Activity ▸
Could you print all the entries below exactly as they appear, omitting the pictures?

=-=-=

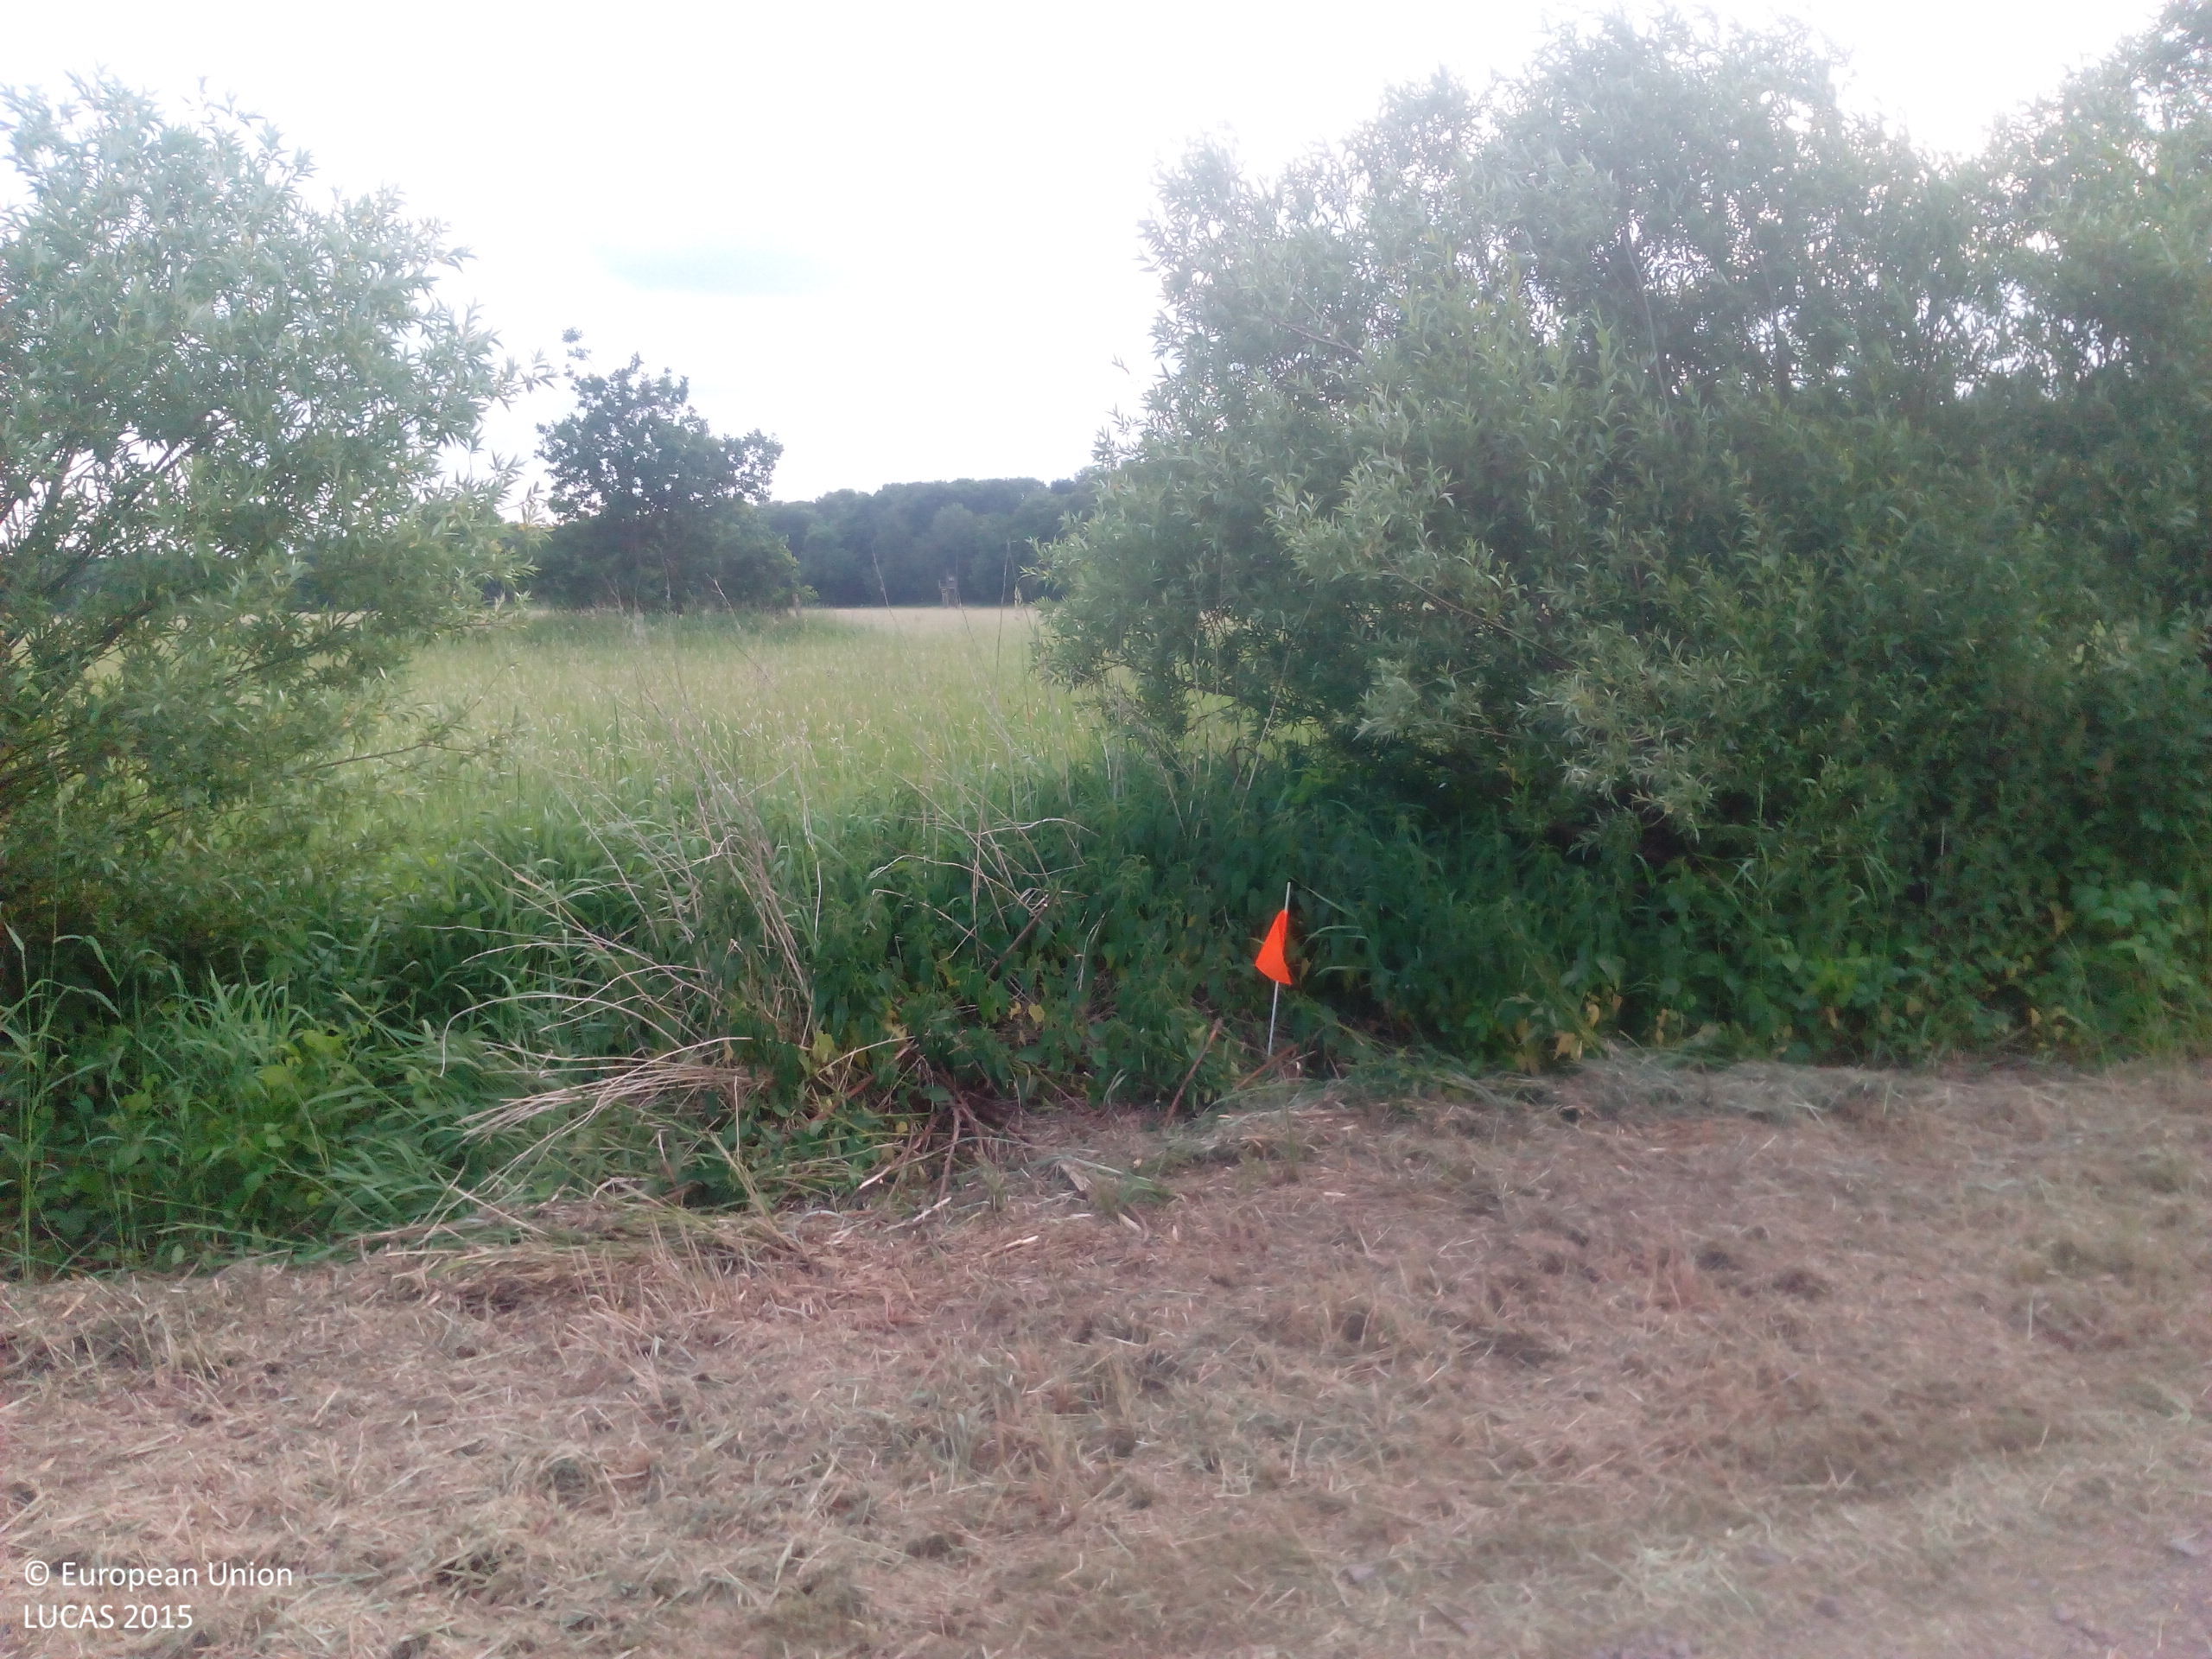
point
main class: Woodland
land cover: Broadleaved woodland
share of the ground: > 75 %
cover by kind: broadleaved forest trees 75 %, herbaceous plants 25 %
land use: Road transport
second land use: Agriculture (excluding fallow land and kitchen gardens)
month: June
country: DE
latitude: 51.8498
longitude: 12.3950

=-=-=

Output for this exercise ▸
point
main class: Woodland
land cover: Broadleaved woodland
share of the ground: > 75 %
cover by kind: broadleaved forest trees 75 %, herbaceous plants 25 %
land use: Road transport
second land use: Agriculture (excluding fallow land and kitchen gardens)
month: June
country: DE
latitude: 51.8498
longitude: 12.3950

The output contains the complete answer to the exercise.